### Required action:
Please take the records that follow and repeat exactly the lines starting with the line with "Question: Considering the" and going on through the line with "An aerial image. It shows: Parking".

[Saved entries]
Start of Block
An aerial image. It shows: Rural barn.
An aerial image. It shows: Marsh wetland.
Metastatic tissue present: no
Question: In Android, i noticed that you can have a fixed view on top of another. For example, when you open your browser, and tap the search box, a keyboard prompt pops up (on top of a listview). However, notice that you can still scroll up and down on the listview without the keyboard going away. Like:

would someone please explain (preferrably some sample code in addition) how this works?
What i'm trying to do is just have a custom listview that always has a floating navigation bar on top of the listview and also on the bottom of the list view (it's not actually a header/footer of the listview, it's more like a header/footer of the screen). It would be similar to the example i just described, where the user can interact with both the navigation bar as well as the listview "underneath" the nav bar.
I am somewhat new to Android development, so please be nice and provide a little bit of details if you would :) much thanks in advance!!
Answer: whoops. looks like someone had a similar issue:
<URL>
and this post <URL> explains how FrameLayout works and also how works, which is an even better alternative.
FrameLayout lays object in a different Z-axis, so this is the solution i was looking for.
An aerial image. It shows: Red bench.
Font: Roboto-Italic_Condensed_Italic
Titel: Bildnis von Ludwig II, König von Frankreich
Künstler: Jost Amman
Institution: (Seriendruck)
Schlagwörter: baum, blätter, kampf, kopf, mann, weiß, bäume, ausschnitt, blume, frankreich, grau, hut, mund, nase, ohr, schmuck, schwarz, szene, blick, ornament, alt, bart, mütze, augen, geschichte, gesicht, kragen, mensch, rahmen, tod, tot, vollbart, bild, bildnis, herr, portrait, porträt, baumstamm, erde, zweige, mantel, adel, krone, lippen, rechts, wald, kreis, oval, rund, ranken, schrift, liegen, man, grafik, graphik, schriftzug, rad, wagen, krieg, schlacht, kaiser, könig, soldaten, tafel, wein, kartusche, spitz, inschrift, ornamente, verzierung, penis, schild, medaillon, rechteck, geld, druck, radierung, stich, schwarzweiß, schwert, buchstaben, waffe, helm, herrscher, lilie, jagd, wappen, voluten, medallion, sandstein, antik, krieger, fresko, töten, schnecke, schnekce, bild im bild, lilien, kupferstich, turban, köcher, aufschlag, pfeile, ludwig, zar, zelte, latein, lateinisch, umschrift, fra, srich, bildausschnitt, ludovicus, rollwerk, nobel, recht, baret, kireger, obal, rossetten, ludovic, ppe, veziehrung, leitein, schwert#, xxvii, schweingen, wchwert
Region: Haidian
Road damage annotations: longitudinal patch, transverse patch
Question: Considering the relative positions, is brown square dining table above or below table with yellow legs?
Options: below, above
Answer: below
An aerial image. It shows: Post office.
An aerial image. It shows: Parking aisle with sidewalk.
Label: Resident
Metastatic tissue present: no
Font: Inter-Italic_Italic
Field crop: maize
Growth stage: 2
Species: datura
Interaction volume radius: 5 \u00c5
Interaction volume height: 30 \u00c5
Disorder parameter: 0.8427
End of Block
Start of Block
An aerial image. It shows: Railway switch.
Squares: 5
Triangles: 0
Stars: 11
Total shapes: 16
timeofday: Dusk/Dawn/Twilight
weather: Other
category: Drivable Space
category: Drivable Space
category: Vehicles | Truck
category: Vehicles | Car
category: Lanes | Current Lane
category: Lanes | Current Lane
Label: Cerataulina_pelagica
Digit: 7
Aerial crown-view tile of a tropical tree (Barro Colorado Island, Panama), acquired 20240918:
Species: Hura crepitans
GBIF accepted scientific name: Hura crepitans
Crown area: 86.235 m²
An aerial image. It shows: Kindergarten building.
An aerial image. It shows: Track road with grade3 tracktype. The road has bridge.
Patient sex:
End of Block
### Answer area:
Question: Considering the relative positions, is brown square dining table above or below table with yellow legs?
Options: below, above
Answer: below
An aerial image. It shows: Post office.
An aerial image. It shows: Parking aisle with sidewalk.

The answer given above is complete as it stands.